PREFACE

At the invitation of the President of Yale University and of Professor Russell H. Chittenden, chairman of the committee in charge of the Silliman Foundation, the lectures which are here presented to a wider public were delivered in New Haven during the month of March of the year 1921. It was the wish of the committee that I should speak upon some subject from the history of religion. I chose therefore as my theme a matter which had occupied my attention for many years, viz., the ideas current in Roman paganism concerning the lot of the soul after death. The argument has been treated more than once by distinguished scholars and notably—to mention only an English book—by Mrs. Arthur Strong in her recent work “Apotheosis and After Life,” a study characterised by penetrating interpretation, especially of archaeological monuments. But we do not yet possess for the Roman imperial epoch a counterpart to Rohde’s classical volume, “Psyche,” for the earlier Greek period, that is, a work in which the whole evolution of Roman belief and speculation regarding a future life is set forth. These lectures cannot claim to fill this gap. They may however be looked upon as a sketch of the desired investigation, in which, though without the detailed citation of supporting evidence, an attempt at least has been made to trace the broad outlines of the subject in all its magnitude.

The lectures are printed in the form in which they were delivered. The necessity of making each one intelligible to an audience which was not always the same, has made inevitable some repetitions. Cross references have been added, where the same topics are treated in different connections. However, in a book intended primarily for the general reader, the scholarly apparatus has been reduced to a minimum and as a rule indicates only the source of passages quoted in the text.

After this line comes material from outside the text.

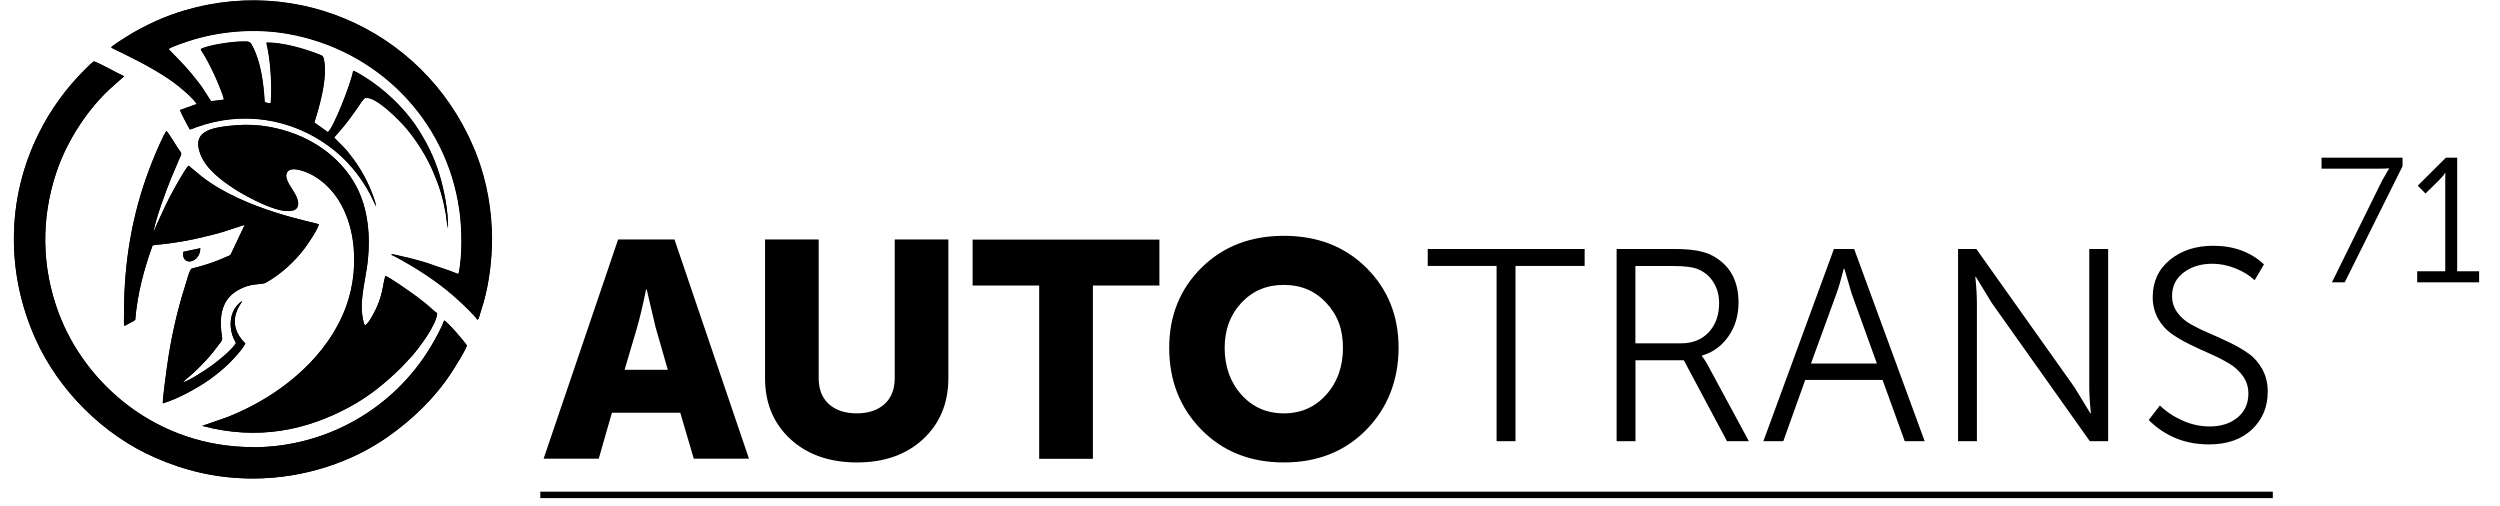 <?xml version="1.0" encoding="UTF-8"?> <svg xmlns="http://www.w3.org/2000/svg" xmlns:xlink="http://www.w3.org/1999/xlink" width="351" zoomAndPan="magnify" viewBox="0 0 263.25 53.25" height="71" preserveAspectRatio="xMidYMid meet" version="1.0"><defs><clipPath id="94b876ef3e"><path d="M 1.457 0 L 52 0 L 52 51 L 1.457 51 Z M 1.457 0 " clip-rule="nonzero"></path></clipPath><clipPath id="72d88e85fb"><path d="M 1.457 6 L 50 6 L 50 51 L 1.457 51 Z M 1.457 6 " clip-rule="nonzero"></path></clipPath><clipPath id="a1afc4a6fe"><path d="M 244 16 L 261.051 16 L 261.051 30 L 244 30 Z M 244 16 " clip-rule="nonzero"></path></clipPath><clipPath id="c68beef5c9"><path d="M 56 51 L 240 51 L 240 52.512 L 56 52.512 Z M 56 51 " clip-rule="nonzero"></path></clipPath></defs><g clip-path="url(#94b876ef3e)"><path fill="#000000" d="M 17.766 5.164 L 18.977 6.418 C 19.703 7.137 20.629 8.285 21.246 9.117 L 22.23 10.645 L 23.586 10.48 C 23.566 10.059 22.766 8.219 22.52 7.707 C 22.164 6.965 21.926 6.484 21.52 5.789 C 21.438 5.645 21.184 5.297 21.148 5.156 C 21.902 4.727 24.41 4.363 25.527 4.355 C 26.344 4.348 26.336 4.34 26.664 4.988 C 27.457 6.551 27.77 8.715 27.879 10.746 C 28.027 10.793 28.355 10.879 28.516 10.871 C 28.648 9.191 28.539 6.898 28.211 5.195 C 28.168 4.973 28.094 4.691 28.07 4.469 C 29.754 4.453 32.016 5.082 33.609 5.719 C 33.938 5.855 34.016 5.84 34.113 6.223 C 34.648 8.523 33.121 12.777 33.113 12.891 L 34.535 13.906 C 35.137 13.438 37.004 8.688 37.199 7.449 C 37.555 7.5 38.953 8.449 39.281 8.68 C 41.113 9.984 42.922 11.785 44.16 13.777 C 45.027 15.172 45.723 16.574 46.266 18.316 C 46.754 19.91 47.215 22.18 47.184 24.031 C 47.102 23.809 47.004 22.777 46.945 22.438 C 46.648 20.805 46.285 19.613 45.641 18.102 C 44.906 16.395 43.84 14.727 42.789 13.488 C 42.082 12.668 39.645 10.145 38.516 10.293 C 38.273 10.324 37.836 11.094 37.672 11.324 C 37.152 12.051 36.625 12.793 36.062 13.469 L 35.195 14.461 C 35.395 14.719 36.168 15.41 36.613 15.949 C 37.523 17.078 38.234 18.16 38.859 19.547 C 39.09 20.066 39.531 21.133 39.621 21.727 C 39.613 21.719 39.605 21.688 39.598 21.695 L 39.016 20.473 C 37.938 18.473 36.531 16.75 34.691 15.402 C 30.613 12.414 25.527 11.645 20.719 13.363 C 20.52 13.438 20.191 13.594 20 13.617 C 19.867 13.402 19.004 11.762 18.969 11.57 L 20.738 10.938 C 20.34 10.34 19.449 9.574 18.852 9.086 C 18.199 8.559 17.434 8.039 16.625 7.559 C 15.27 6.742 14.32 6.285 12.957 5.594 C 12.727 5.477 11.82 5.074 11.711 4.973 C 11.875 4.777 12.898 4.125 13.18 3.949 C 13.668 3.637 14.246 3.289 14.758 3.023 C 15.855 2.453 16.973 1.918 18.227 1.48 C 31.43 -3.125 45.484 3.609 50.312 16.602 C 51.254 19.133 51.809 22.105 51.816 25.121 C 51.816 27.309 51.527 29.688 50.949 31.77 L 50.512 33.207 C 50.438 33.438 50.445 33.543 50.289 33.652 C 50.016 33.203 48.762 32.023 48.348 31.637 C 46.641 30.051 44.574 28.641 42.52 27.484 C 42.18 27.293 41.543 26.922 41.195 26.797 C 41.32 26.73 41.477 26.781 41.645 26.82 L 43.07 27.145 C 43.699 27.309 44.262 27.457 44.863 27.641 L 47.441 28.523 C 47.711 28.621 48.035 28.781 48.301 28.836 C 48.727 26.898 48.672 24 48.383 22.031 C 47.004 12.48 39.703 5.18 30.297 3.535 C 27.094 2.969 23.566 3.207 20.465 4.121 C 19.969 4.266 18.043 4.891 17.797 5.129 Z M 26.656 47.094 C 34.574 47.078 41.555 42.848 45.344 36.539 C 45.762 35.848 46.492 34.559 46.77 33.742 C 47.094 33.84 48.941 35.988 49.172 36.383 C 49 36.93 47.852 38.754 47.523 39.25 C 45.773 41.926 43.371 44.227 40.734 46.062 C 37.152 48.562 32.133 50.379 26.664 50.379 C 22.734 50.379 19.383 49.52 16.32 48.176 C 10.867 45.781 6.195 41.117 3.758 35.707 C 0.637 28.789 0.68 20.941 4.047 14.129 C 5.336 11.52 7.004 9.242 8.996 7.27 C 9.207 7.062 9.648 6.609 9.895 6.453 C 10.621 6.715 12.238 7.641 13.074 8.027 L 11.941 9.027 C 9.309 11.324 7.047 14.809 5.93 18.168 C 4.297 23.066 4.387 28.125 6.164 32.918 C 8.938 40.387 16.484 47.094 26.672 47.078 Z M 38.43 34.254 C 38.867 34.055 39.613 32.535 39.82 31.977 C 40.34 30.621 40.266 30.215 40.562 29.043 C 41.098 29.25 42.867 30.504 43.41 30.887 C 43.879 31.215 44.277 31.539 44.738 31.898 C 45.168 32.23 45.605 32.684 46.027 32.988 C 45.938 34.219 44.219 36.5 43.387 37.465 L 42.238 38.695 C 40.586 40.312 38.934 41.684 36.848 42.816 C 32.312 45.293 27.168 46.41 21.281 44.84 L 23.93 43.922 C 24.797 43.578 25.617 43.203 26.398 42.801 C 30.816 40.531 35.168 36.641 36.707 31.461 C 38.043 26.969 37.227 20.867 32.906 18.441 C 32.477 18.195 30.602 17.328 30.199 18.184 C 29.859 18.91 30.875 19.938 31.199 20.688 C 31.824 22.141 30.836 22.395 29.547 22.133 C 28.102 21.836 25.723 20.578 24.633 19.859 C 23.363 19.02 21.676 17.805 21.082 16.195 C 20.637 15 20.883 14.203 21.852 13.758 C 22.668 13.379 23.906 13.262 24.914 13.18 C 27.168 13 29.34 13.438 31.141 14.141 C 34.352 15.395 37.184 17.895 38.266 21.465 C 38.871 23.477 38.961 25.715 38.656 27.938 C 38.449 29.465 38 31.215 38.094 32.742 C 38.125 33.172 38.215 33.941 38.414 34.246 Z M 16.16 24.512 C 16.293 24.031 17.621 21.242 17.836 20.836 C 18.203 20.125 19.391 17.93 19.859 17.434 L 21.207 18.555 C 25.797 22.156 33.223 23.414 33.578 23.617 C 33.469 24.156 32.488 25.59 32.148 26.055 C 31.09 27.5 29.562 28.895 28.004 29.754 C 27.449 30.059 26.5 29.688 24.949 30.621 C 23.148 31.711 23.098 33.684 23.395 35.574 C 23.438 35.871 23.23 36.039 23.09 36.234 C 22.117 37.555 21.43 38.273 20.305 39.332 C 20.168 39.457 19.316 40.148 19.266 40.266 C 19.941 40.09 21.695 38.926 22.328 38.473 C 23.047 37.953 24.387 36.871 24.848 36.137 C 24.809 35.953 24.676 35.805 24.594 35.609 C 24.18 34.625 24.156 33.422 24.73 32.48 C 24.875 32.246 25.227 31.824 25.516 31.703 C 25.449 31.918 23.809 33.691 25.461 35.75 C 25.602 35.93 25.738 36.02 25.832 36.176 C 25.648 36.664 24.527 37.863 24.164 38.219 C 22.832 39.512 21.465 40.465 19.777 41.348 C 19.066 41.727 17.977 42.238 17.152 42.469 C 17.145 41.898 17.484 39.371 17.59 38.648 C 18.004 35.648 18.637 32.801 19.555 29.934 C 19.656 29.605 19.961 28.383 20.199 28.277 C 20.258 28.25 20.266 28.258 20.324 28.242 L 21.117 28.035 C 21.453 27.938 21.777 27.84 22.105 27.73 C 22.766 27.5 23.344 27.27 23.957 26.996 C 24.145 26.914 24.223 26.914 24.328 26.738 L 25.781 23.668 L 23.566 24.387 C 22.801 24.625 21.992 24.816 21.207 25.004 C 19.953 25.301 18.715 25.52 17.41 25.676 C 16.973 25.73 16.5 25.766 16.078 25.832 C 15.211 28.227 14.477 30.844 14.246 33.684 C 14.09 33.809 13.602 34.047 13.371 34.18 C 12.98 34.402 13.066 34.453 13.074 32.703 C 13.074 27.539 13.965 22.488 15.723 17.832 C 16.129 16.742 16.723 15.328 17.25 14.27 L 17.531 13.777 C 17.688 13.914 18.523 15.262 18.672 15.492 C 19.207 16.305 19.176 16.031 18.887 16.73 L 18.027 18.754 C 17.59 19.797 16.203 23.535 16.172 24.5 Z M 19.301 26.516 L 21.09 26.137 C 21.109 27.688 19.066 28.129 19.301 26.516 Z M 19.301 26.516 " fill-opacity="1" fill-rule="evenodd"></path></g><path fill="#000000" d="M 17.766 5.164 C 18.004 4.926 19.941 4.305 20.438 4.156 C 23.535 3.246 27.062 3.008 30.266 3.57 C 39.672 5.223 46.977 12.52 48.355 22.066 C 48.645 24.047 48.695 26.938 48.273 28.871 C 48.012 28.82 47.688 28.656 47.414 28.562 L 44.832 27.68 C 44.242 27.492 43.668 27.344 43.039 27.184 L 41.617 26.855 C 41.453 26.82 41.289 26.766 41.164 26.832 C 41.512 26.961 42.141 27.332 42.492 27.523 C 44.543 28.68 46.613 30.086 48.316 31.676 C 48.734 32.059 49.992 33.238 50.262 33.691 C 50.406 33.578 50.406 33.477 50.48 33.246 L 50.918 31.809 C 51.496 29.73 51.793 27.352 51.785 25.156 C 51.785 22.141 51.223 19.168 50.281 16.641 C 45.457 3.629 31.402 -3.102 18.203 1.508 C 16.953 1.945 15.832 2.473 14.734 3.051 C 14.223 3.32 13.645 3.668 13.156 3.977 C 12.875 4.156 11.852 4.809 11.688 5 C 11.801 5.105 12.703 5.512 12.934 5.625 C 14.297 6.312 15.246 6.773 16.605 7.59 C 17.418 8.078 18.176 8.59 18.828 9.117 C 19.43 9.598 20.316 10.367 20.719 10.969 L 18.945 11.598 C 18.984 11.793 19.844 13.43 19.977 13.645 C 20.168 13.621 20.496 13.469 20.695 13.395 C 25.508 11.672 30.602 12.445 34.668 15.434 C 36.508 16.781 37.918 18.5 38.992 20.504 L 39.578 21.727 C 39.578 21.727 39.594 21.742 39.598 21.754 C 39.512 21.164 39.066 20.094 38.836 19.574 C 38.215 18.184 37.5 17.102 36.59 15.98 C 36.145 15.438 35.375 14.742 35.176 14.492 L 36.043 13.496 C 36.605 12.824 37.133 12.082 37.648 11.355 C 37.812 11.125 38.25 10.355 38.496 10.324 C 39.621 10.176 42.066 12.695 42.766 13.52 C 43.824 14.758 44.895 16.426 45.617 18.129 C 46.266 19.637 46.629 20.836 46.926 22.469 C 46.984 22.809 47.078 23.848 47.16 24.062 C 47.199 22.207 46.73 19.938 46.242 18.344 C 45.707 16.602 45.004 15.211 44.137 13.809 C 42.898 11.812 41.098 10.012 39.258 8.707 C 38.934 8.477 37.531 7.531 37.176 7.477 C 36.984 8.715 35.113 13.469 34.516 13.934 L 33.09 12.918 C 33.09 12.809 34.625 8.551 34.09 6.254 C 34.004 5.863 33.922 5.875 33.586 5.75 C 31.992 5.113 29.727 4.484 28.051 4.496 C 28.066 4.727 28.145 5 28.191 5.223 C 28.516 6.93 28.629 9.219 28.496 10.902 C 28.324 10.91 28.004 10.828 27.855 10.777 C 27.746 8.746 27.434 6.582 26.641 5.016 C 26.316 4.371 26.324 4.379 25.508 4.387 C 24.379 4.402 21.883 4.758 21.125 5.188 C 21.156 5.328 21.406 5.676 21.496 5.816 C 21.91 6.516 22.141 6.996 22.496 7.738 C 22.742 8.242 23.543 10.086 23.566 10.508 L 22.207 10.672 L 21.223 9.145 C 20.605 8.316 19.68 7.172 18.953 6.445 L 17.746 5.195 Z M 17.766 5.164 " fill-opacity="1" fill-rule="evenodd"></path><g clip-path="url(#72d88e85fb)"><path fill="#000000" d="M 26.664 47.086 C 16.477 47.102 8.93 40.391 6.16 32.926 C 4.379 28.129 4.289 23.074 5.922 18.176 C 7.039 14.816 9.301 11.332 11.934 9.035 L 13.066 8.035 C 12.238 7.648 10.613 6.723 9.887 6.461 C 9.648 6.609 9.207 7.07 8.988 7.277 C 6.988 9.25 5.32 11.523 4.039 14.133 C 0.672 20.949 0.629 28.797 3.75 35.715 C 6.188 41.125 10.859 45.789 16.316 48.184 C 19.383 49.527 22.727 50.395 26.656 50.387 C 32.129 50.387 37.137 48.562 40.727 46.07 C 43.367 44.23 45.773 41.934 47.516 39.258 C 47.844 38.754 48.992 36.938 49.164 36.391 C 48.934 35.996 47.094 33.848 46.762 33.75 C 46.488 34.566 45.754 35.855 45.336 36.543 C 41.551 42.848 34.574 47.086 26.648 47.102 " fill-opacity="1" fill-rule="evenodd"></path></g><path fill="#000000" d="M 38.43 34.254 C 38.227 33.949 38.141 33.18 38.109 32.75 C 38.012 31.23 38.465 29.473 38.672 27.945 C 38.969 25.723 38.887 23.484 38.281 21.473 C 37.199 17.902 34.367 15.402 31.156 14.148 C 29.355 13.445 27.184 13.008 24.93 13.188 C 23.914 13.266 22.684 13.387 21.867 13.766 C 20.895 14.207 20.652 15 21.098 16.203 C 21.688 17.812 23.379 19.027 24.648 19.863 C 25.738 20.586 28.117 21.844 29.562 22.141 C 30.844 22.398 31.832 22.141 31.215 20.695 C 30.895 19.938 29.875 18.91 30.215 18.191 C 30.613 17.336 32.488 18.203 32.922 18.449 C 37.242 20.875 38.066 26.973 36.723 31.465 C 35.18 36.648 30.82 40.539 26.41 42.809 C 25.633 43.211 24.809 43.586 23.941 43.93 L 21.297 44.848 C 27.184 46.41 32.328 45.301 36.863 42.824 C 38.945 41.691 40.602 40.312 42.254 38.703 L 43.402 37.473 C 44.234 36.5 45.953 34.223 46.043 32.992 C 45.625 32.691 45.184 32.238 44.75 31.902 C 44.293 31.547 43.891 31.223 43.426 30.895 C 42.883 30.512 41.105 29.258 40.578 29.051 C 40.281 30.215 40.348 30.629 39.836 31.984 C 39.629 32.543 38.879 34.062 38.441 34.262 " fill-opacity="1" fill-rule="evenodd"></path><path fill="#000000" d="M 16.16 24.504 C 16.188 23.535 17.574 19.797 18.012 18.762 L 18.871 16.738 C 19.16 16.039 19.191 16.305 18.656 15.5 C 18.508 15.27 17.672 13.926 17.516 13.785 L 17.234 14.273 C 16.707 15.336 16.113 16.75 15.707 17.84 C 13.941 22.496 13.059 27.547 13.059 32.711 C 13.059 34.461 12.965 34.418 13.355 34.188 C 13.594 34.055 14.082 33.816 14.23 33.691 C 14.461 30.852 15.188 28.234 16.062 25.84 C 16.477 25.773 16.961 25.734 17.398 25.684 C 18.707 25.527 19.941 25.301 21.191 25.012 C 21.977 24.824 22.785 24.633 23.551 24.395 L 25.766 23.676 L 24.312 26.746 C 24.211 26.914 24.129 26.922 23.941 27.004 C 23.328 27.277 22.75 27.508 22.09 27.738 C 21.754 27.848 21.43 27.945 21.102 28.043 L 20.309 28.25 C 20.25 28.266 20.242 28.266 20.184 28.285 C 19.945 28.391 19.645 29.613 19.539 29.941 C 18.621 32.809 17.988 35.656 17.574 38.656 C 17.477 39.375 17.129 41.906 17.137 42.477 C 17.961 42.246 19.051 41.734 19.762 41.355 C 21.445 40.473 22.816 39.516 24.148 38.227 C 24.512 37.871 25.633 36.672 25.816 36.18 C 25.723 36.027 25.59 35.938 25.449 35.758 C 23.793 33.699 25.434 31.918 25.5 31.711 C 25.219 31.828 24.863 32.254 24.715 32.488 C 24.145 33.43 24.172 34.625 24.582 35.617 C 24.66 35.812 24.789 35.961 24.832 36.145 C 24.371 36.879 23.023 37.961 22.312 38.48 C 21.684 38.934 19.926 40.098 19.25 40.273 C 19.301 40.156 20.156 39.465 20.289 39.34 C 21.414 38.281 22.105 37.559 23.074 36.242 C 23.215 36.047 23.422 35.887 23.379 35.582 C 23.082 33.699 23.133 31.719 24.938 30.629 C 26.484 29.695 27.441 30.066 27.992 29.762 C 29.547 28.902 31.074 27.508 32.133 26.062 C 32.477 25.594 33.461 24.164 33.566 23.625 C 33.211 23.43 25.781 22.172 21.191 18.559 L 19.844 17.441 C 19.375 17.938 18.199 20.141 17.82 20.844 C 17.605 21.25 16.277 24.039 16.145 24.52 " fill-opacity="1" fill-rule="evenodd"></path><path fill="#000000" d="M 19.301 26.516 C 19.066 28.129 21.109 27.688 21.09 26.137 Z M 19.301 26.516 " fill-opacity="1" fill-rule="evenodd"></path><path fill="#000000" d="M 128.957 36.617 C 128.957 38.598 129.543 40.242 130.715 41.555 C 131.887 42.867 133.379 43.527 135.188 43.527 C 136.996 43.527 138.484 42.867 139.656 41.555 C 140.828 40.242 141.414 38.598 141.414 36.617 C 141.414 34.641 140.828 33.148 139.656 31.891 C 138.484 30.629 136.996 30 135.188 30 C 133.379 30 131.887 30.629 130.715 31.891 C 129.543 33.148 128.957 34.73 128.957 36.617 M 123.117 36.617 C 123.117 33.262 124.242 30.457 126.504 28.203 C 128.766 25.957 131.664 24.832 135.195 24.832 C 138.723 24.832 141.621 25.957 143.883 28.203 C 146.145 30.449 147.27 33.262 147.27 36.617 C 147.27 39.977 146.145 42.934 143.883 45.242 C 141.621 47.547 138.723 48.695 135.195 48.695 C 131.664 48.695 128.766 47.547 126.504 45.242 C 124.242 42.934 123.117 40.066 123.117 36.617 Z M 109.426 48.309 L 109.426 30.066 L 102.418 30.066 L 102.418 25.227 L 122.086 25.227 L 122.086 30.066 L 115.082 30.066 L 115.082 48.309 Z M 80.559 39.812 L 80.559 25.219 L 86.207 25.219 L 86.207 39.812 C 86.207 41 86.57 41.91 87.289 42.559 C 88.008 43.203 88.988 43.527 90.211 43.527 C 91.434 43.527 92.41 43.203 93.129 42.559 C 93.852 41.91 94.215 40.992 94.215 39.812 L 94.215 25.219 L 99.863 25.219 L 99.863 39.812 C 99.863 42.438 98.98 44.582 97.215 46.227 C 95.449 47.871 93.125 48.695 90.238 48.695 C 87.355 48.695 84.992 47.871 83.219 46.227 C 81.441 44.582 80.559 42.445 80.559 39.812 Z M 65.77 38.938 L 70.32 38.938 L 69.031 34.453 L 68.098 30.48 L 68.031 30.48 C 67.688 32.164 67.371 33.484 67.094 34.453 Z M 57.242 48.301 L 65.086 25.219 L 71.023 25.219 L 78.867 48.301 L 73.055 48.301 L 71.633 43.461 L 64.434 43.461 L 63.047 48.301 L 57.234 48.301 Z M 57.242 48.301 " fill-opacity="1" fill-rule="nonzero"></path><path fill="#000000" d="M 226.258 44.227 L 227.438 42.699 C 228.109 43.352 228.91 43.883 229.84 44.293 C 230.773 44.707 231.715 44.906 232.672 44.906 C 233.879 44.906 234.863 44.59 235.621 43.957 C 236.379 43.328 236.754 42.492 236.754 41.453 C 236.754 40.762 236.57 40.156 236.191 39.621 C 235.82 39.094 235.34 38.648 234.754 38.293 C 234.168 37.938 233.516 37.605 232.797 37.285 C 232.078 36.969 231.359 36.641 230.641 36.293 C 229.922 35.945 229.27 35.566 228.684 35.16 C 228.098 34.742 227.613 34.211 227.242 33.551 C 226.875 32.891 226.68 32.133 226.68 31.289 C 226.68 29.656 227.289 28.348 228.496 27.359 C 229.703 26.375 231.227 25.879 233.043 25.879 C 235.215 25.879 236.992 26.531 238.395 27.836 L 237.414 29.504 C 236.859 28.984 236.176 28.566 235.367 28.25 C 234.562 27.93 233.762 27.773 232.953 27.773 C 231.758 27.773 230.758 28.078 229.941 28.695 C 229.125 29.309 228.719 30.133 228.719 31.172 C 228.719 31.824 228.906 32.402 229.281 32.914 C 229.652 33.426 230.137 33.84 230.719 34.164 C 231.305 34.492 231.957 34.809 232.68 35.113 C 233.398 35.418 234.117 35.746 234.836 36.094 C 235.555 36.441 236.207 36.82 236.793 37.242 C 237.379 37.664 237.859 38.211 238.23 38.895 C 238.602 39.578 238.793 40.355 238.793 41.238 C 238.793 42.848 238.238 44.18 237.125 45.227 C 236.016 46.27 234.508 46.797 232.605 46.797 C 230.09 46.797 227.969 45.938 226.242 44.211 M 206.184 46.457 L 206.184 26.219 L 208.109 26.219 L 218.445 40.785 L 220.113 43.52 L 220.172 43.52 C 220.055 42.41 220 41.496 220 40.785 L 220 26.219 L 221.988 26.219 L 221.988 46.457 L 220.059 46.457 L 209.727 31.891 L 208.059 29.152 L 208 29.152 C 208.117 30.266 208.168 31.176 208.168 31.891 L 208.168 46.457 Z M 190.695 38.281 L 197.637 38.281 L 194.988 30.941 L 194.211 28.293 L 194.152 28.293 C 193.863 29.43 193.602 30.309 193.371 30.941 Z M 185.684 46.457 L 193.113 26.219 L 195.242 26.219 L 202.668 46.457 L 200.57 46.457 L 198.234 40.008 L 190.09 40.008 L 187.781 46.457 Z M 172.215 36.152 L 177.02 36.152 C 178.227 36.152 179.199 35.766 179.926 34.988 C 180.652 34.211 181.023 33.188 181.023 31.918 C 181.023 31.109 180.836 30.398 180.457 29.777 C 180.09 29.152 179.562 28.688 178.887 28.383 C 178.332 28.129 177.449 28.012 176.242 28.012 L 172.207 28.012 L 172.207 36.16 Z M 170.23 46.457 L 170.23 26.219 L 176.359 26.219 C 177.969 26.219 179.207 26.41 180.074 26.797 C 182.066 27.754 183.066 29.441 183.066 31.859 C 183.066 33.223 182.711 34.41 182 35.426 C 181.289 36.441 180.363 37.117 179.207 37.441 L 179.207 37.5 C 179.363 37.672 179.539 37.945 179.754 38.309 L 184.156 46.457 L 181.852 46.457 L 177.309 37.938 L 172.215 37.938 L 172.215 46.457 Z M 157.59 46.457 L 157.59 28.004 L 150.34 28.004 L 150.34 26.219 L 166.863 26.219 L 166.863 28.004 L 159.582 28.004 L 159.582 46.457 Z M 157.59 46.457 " fill-opacity="1" fill-rule="nonzero"></path><g clip-path="url(#a1afc4a6fe)"><path fill="#000000" d="M 254.531 29.727 L 254.531 28.566 L 257.484 28.566 L 257.484 18.938 L 257.496 18.211 L 257.461 18.211 C 257.371 18.391 257.156 18.648 256.809 18.996 L 255.406 20.375 L 254.586 19.555 L 257.551 16.602 L 258.742 16.602 L 258.742 28.566 L 261.633 28.566 L 261.633 29.727 L 254.523 29.727 Z M 245.555 29.727 L 250.855 18.977 L 251.566 17.758 L 251.566 17.723 C 251.352 17.746 251.031 17.758 250.594 17.758 L 244.457 17.758 L 244.457 16.602 L 252.988 16.602 L 252.988 17.5 L 246.902 29.727 Z M 245.555 29.727 " fill-opacity="1" fill-rule="nonzero"></path></g><g clip-path="url(#c68beef5c9)"><path fill="#000000" d="M 56.895 51.773 L 239.328 51.773 L 239.328 52.453 L 56.895 52.453 Z M 56.895 51.773 " fill-opacity="1" fill-rule="nonzero"></path></g></svg>

My acknowledgment is due to Miss Helen Douglas Irvine, who with skill and intelligent understanding of the subject translated into English the French text of these lectures. I wish also to express my gratitude to my friends, Professor George Lincoln Hendrickson, who took upon himself the tedious task of reading the manuscript and the proofs of this book and to whom I am indebted for many valuable suggestions both in matter and in form, and Professor Grant Showerman, who obligingly consented to revise the last chapters before they were printed.

Rome, September, 1922.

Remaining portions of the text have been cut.